::: Source information :::

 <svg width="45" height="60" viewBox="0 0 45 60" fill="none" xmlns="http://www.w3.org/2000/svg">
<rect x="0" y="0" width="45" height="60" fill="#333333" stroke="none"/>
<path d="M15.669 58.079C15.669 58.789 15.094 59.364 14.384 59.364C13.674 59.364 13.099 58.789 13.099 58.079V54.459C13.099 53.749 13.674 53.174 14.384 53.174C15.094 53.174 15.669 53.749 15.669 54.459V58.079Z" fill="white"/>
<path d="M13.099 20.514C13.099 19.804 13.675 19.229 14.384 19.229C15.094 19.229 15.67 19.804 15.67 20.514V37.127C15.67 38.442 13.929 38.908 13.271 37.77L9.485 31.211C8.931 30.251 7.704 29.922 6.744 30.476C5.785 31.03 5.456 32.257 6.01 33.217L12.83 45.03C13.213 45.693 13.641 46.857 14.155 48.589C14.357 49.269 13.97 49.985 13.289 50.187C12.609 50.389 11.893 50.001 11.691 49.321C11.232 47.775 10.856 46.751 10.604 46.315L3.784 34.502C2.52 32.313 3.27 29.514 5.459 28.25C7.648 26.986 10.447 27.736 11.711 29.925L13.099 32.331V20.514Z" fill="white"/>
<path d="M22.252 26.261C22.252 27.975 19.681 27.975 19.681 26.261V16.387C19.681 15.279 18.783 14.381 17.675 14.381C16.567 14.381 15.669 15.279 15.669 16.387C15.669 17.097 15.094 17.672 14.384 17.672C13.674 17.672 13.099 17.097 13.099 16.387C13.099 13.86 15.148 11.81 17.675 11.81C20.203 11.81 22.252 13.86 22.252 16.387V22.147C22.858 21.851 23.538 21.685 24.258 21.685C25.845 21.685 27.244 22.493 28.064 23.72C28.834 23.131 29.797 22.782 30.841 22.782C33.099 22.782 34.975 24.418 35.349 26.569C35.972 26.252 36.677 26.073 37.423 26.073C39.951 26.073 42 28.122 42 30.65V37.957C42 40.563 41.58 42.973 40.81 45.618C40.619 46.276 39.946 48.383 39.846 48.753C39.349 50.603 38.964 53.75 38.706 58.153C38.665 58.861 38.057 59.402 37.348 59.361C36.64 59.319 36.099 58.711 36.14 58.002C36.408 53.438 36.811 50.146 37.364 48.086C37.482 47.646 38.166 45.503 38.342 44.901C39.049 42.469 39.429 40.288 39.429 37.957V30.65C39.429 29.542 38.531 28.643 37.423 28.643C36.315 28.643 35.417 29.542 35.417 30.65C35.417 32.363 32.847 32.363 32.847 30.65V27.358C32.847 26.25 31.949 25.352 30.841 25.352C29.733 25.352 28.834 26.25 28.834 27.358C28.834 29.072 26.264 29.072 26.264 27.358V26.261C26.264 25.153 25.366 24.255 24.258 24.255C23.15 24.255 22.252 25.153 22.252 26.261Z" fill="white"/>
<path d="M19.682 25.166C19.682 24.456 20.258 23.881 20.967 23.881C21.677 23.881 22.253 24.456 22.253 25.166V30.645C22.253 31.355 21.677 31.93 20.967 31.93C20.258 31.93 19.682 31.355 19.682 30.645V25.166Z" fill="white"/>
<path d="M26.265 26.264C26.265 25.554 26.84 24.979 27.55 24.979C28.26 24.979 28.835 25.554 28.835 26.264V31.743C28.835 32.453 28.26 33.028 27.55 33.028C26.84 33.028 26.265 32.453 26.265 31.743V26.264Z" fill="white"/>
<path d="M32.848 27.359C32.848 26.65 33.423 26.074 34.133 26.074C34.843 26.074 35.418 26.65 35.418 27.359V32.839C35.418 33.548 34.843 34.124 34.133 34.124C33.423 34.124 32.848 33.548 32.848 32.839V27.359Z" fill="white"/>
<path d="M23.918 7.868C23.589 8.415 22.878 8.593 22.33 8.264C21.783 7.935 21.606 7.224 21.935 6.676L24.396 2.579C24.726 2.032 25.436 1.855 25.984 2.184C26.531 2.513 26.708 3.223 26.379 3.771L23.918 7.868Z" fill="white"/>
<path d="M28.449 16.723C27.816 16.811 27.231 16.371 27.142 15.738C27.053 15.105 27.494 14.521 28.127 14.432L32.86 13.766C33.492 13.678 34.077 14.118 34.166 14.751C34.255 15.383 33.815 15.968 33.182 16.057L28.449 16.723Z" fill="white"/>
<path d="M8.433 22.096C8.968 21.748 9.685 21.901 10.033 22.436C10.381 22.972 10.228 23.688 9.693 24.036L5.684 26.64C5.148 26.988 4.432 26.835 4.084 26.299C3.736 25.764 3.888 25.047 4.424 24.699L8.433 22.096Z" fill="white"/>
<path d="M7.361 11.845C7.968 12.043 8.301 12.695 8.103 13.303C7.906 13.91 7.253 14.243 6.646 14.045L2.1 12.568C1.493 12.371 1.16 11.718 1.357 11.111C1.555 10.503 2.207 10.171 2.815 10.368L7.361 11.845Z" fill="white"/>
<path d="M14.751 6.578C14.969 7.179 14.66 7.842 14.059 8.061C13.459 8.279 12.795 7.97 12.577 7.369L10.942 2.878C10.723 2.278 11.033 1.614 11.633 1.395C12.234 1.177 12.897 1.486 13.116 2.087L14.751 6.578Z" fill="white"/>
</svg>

:::

● What you need to do: Your answer should be the lines of the records that hold the string "width".

● Written solution:
 <svg width="45" height="60" viewBox="0 0 45 60" fill="none" xmlns="http://www.w3.org/2000/svg">
<rect x="0" y="0" width="45" height="60" fill="#333333" stroke="none"/>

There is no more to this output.